[Stored items]
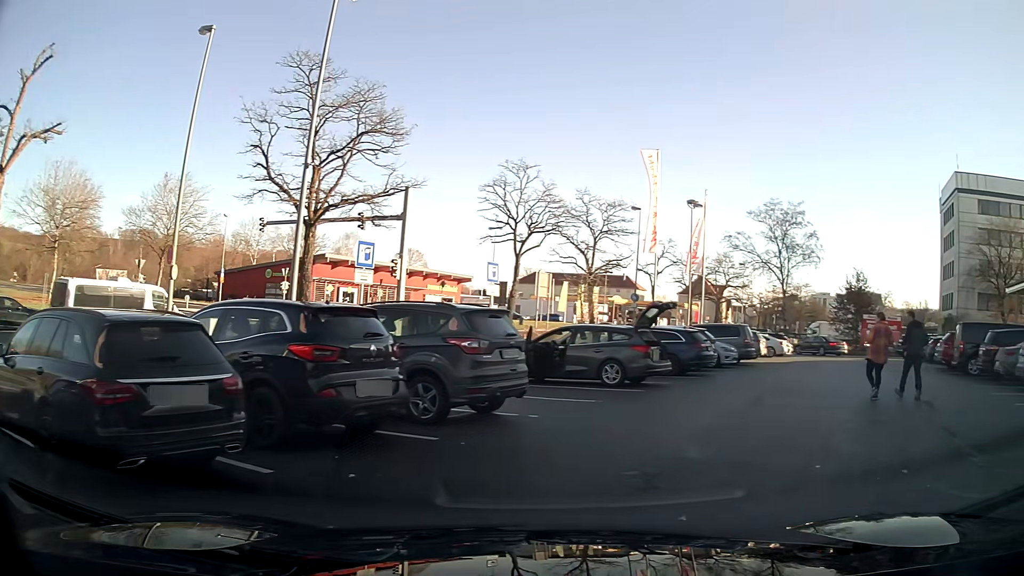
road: service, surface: paved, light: Day
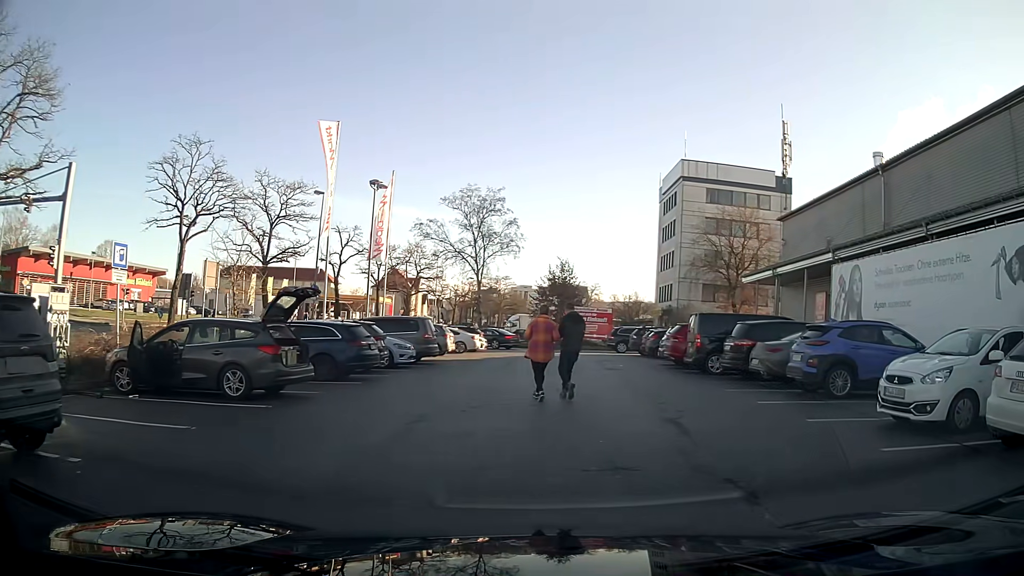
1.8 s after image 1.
(+0.9, +3.8) m; +22°
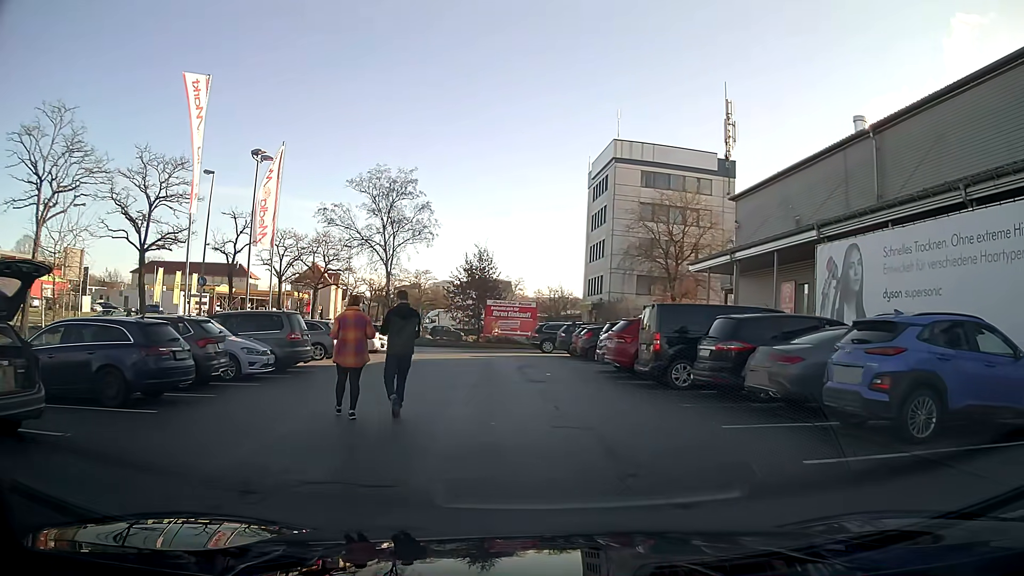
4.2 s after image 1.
(+0.4, +5.9) m; +5°
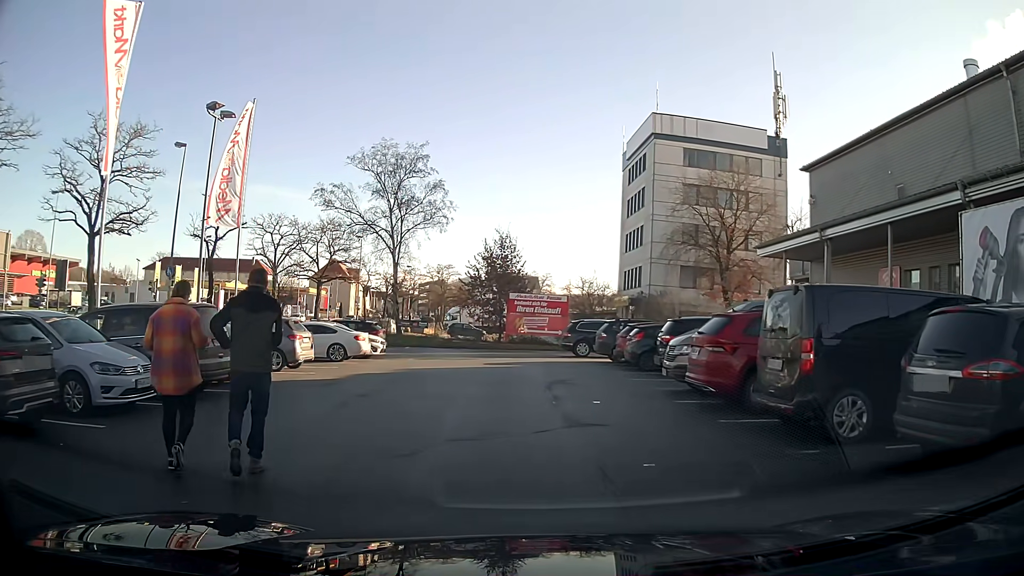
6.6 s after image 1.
(-0.1, +7.0) m; -2°
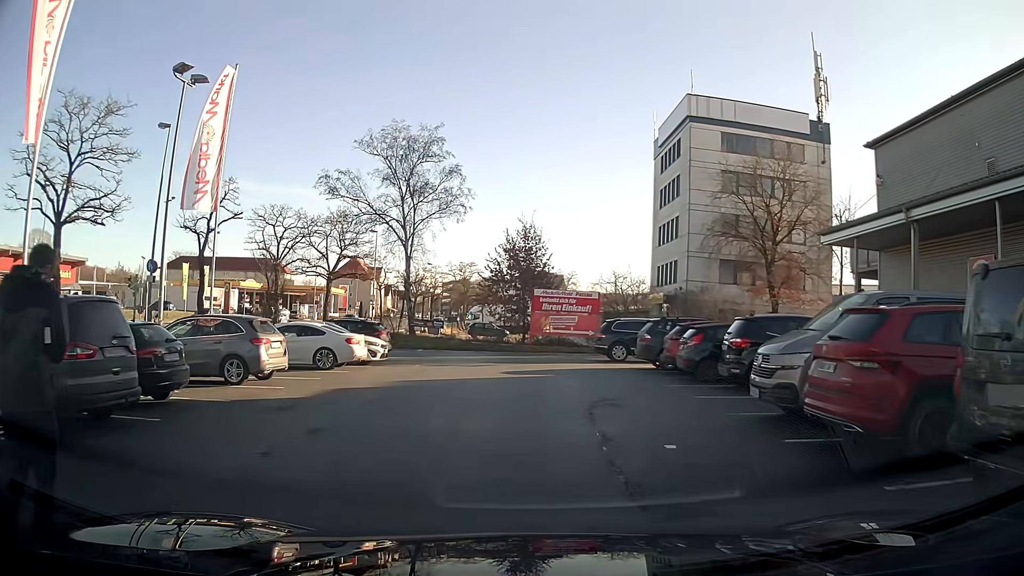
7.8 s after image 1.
(-0.1, +4.3) m; -2°
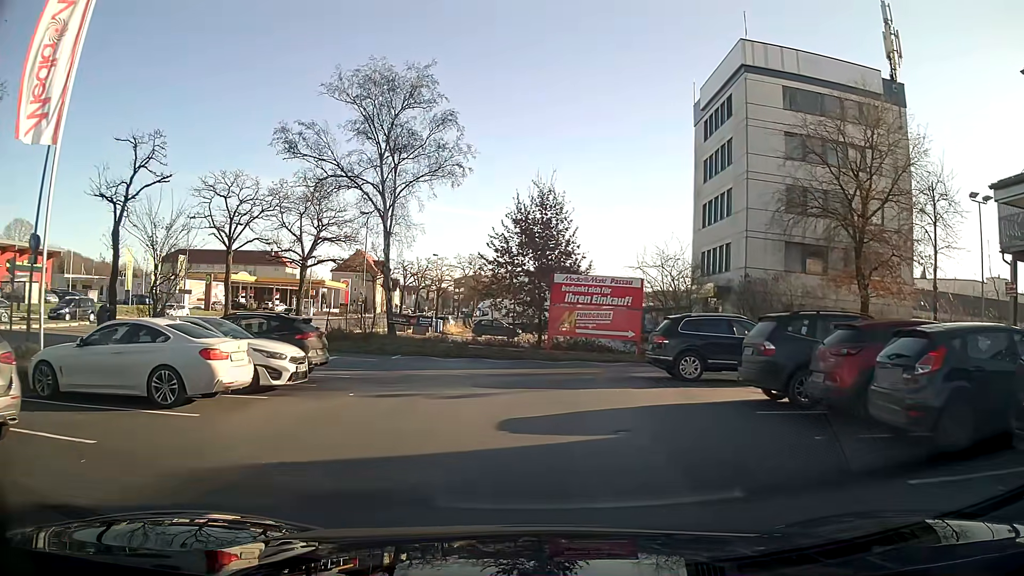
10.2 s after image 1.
(-0.1, +9.9) m; -1°
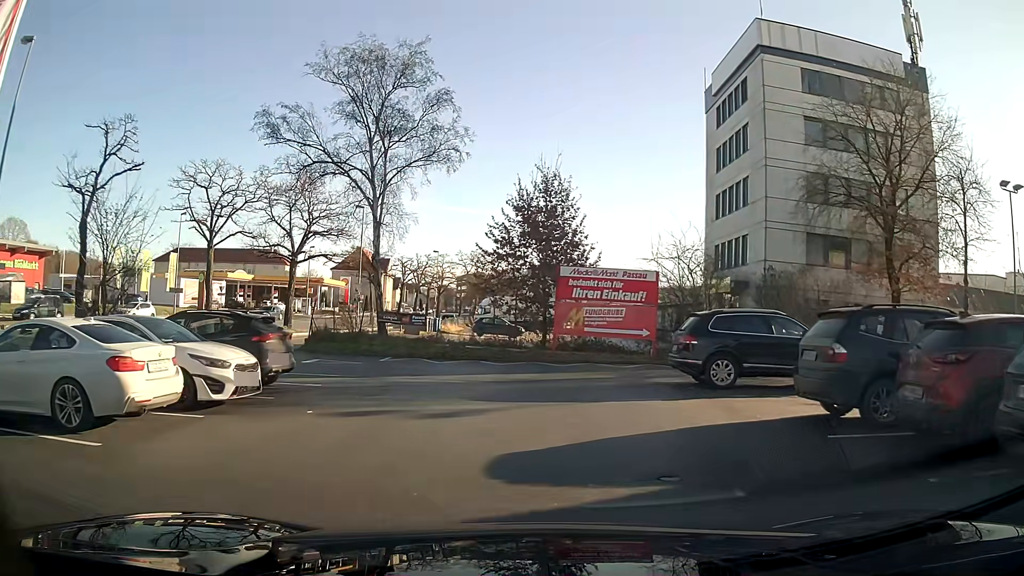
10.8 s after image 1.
(0.0, +2.6) m; 0°
(0, +10) (-3, +19) (-11, +26) (-12, +35) (-11, +45) (-11, +55) (-10, +65) (-10, +75) (-10, +85) (-10, +95) m

* EXERCISE DESCRIPTION: The records shown above are to be repeated exactly, with the pictures left out.

* ANSWER BELOW:
road: service, surface: paved, light: Day
1.8 s after image 1.
(+0.9, +3.8) m; +22°
4.2 s after image 1.
(+0.4, +5.9) m; +5°
6.6 s after image 1.
(-0.1, +7.0) m; -2°
7.8 s after image 1.
(-0.1, +4.3) m; -2°
10.2 s after image 1.
(-0.1, +9.9) m; -1°
10.8 s after image 1.
(0.0, +2.6) m; 0°
(0, +10) (-3, +19) (-11, +26) (-12, +35) (-11, +45) (-11, +55) (-10, +65) (-10, +75) (-10, +85) (-10, +95) m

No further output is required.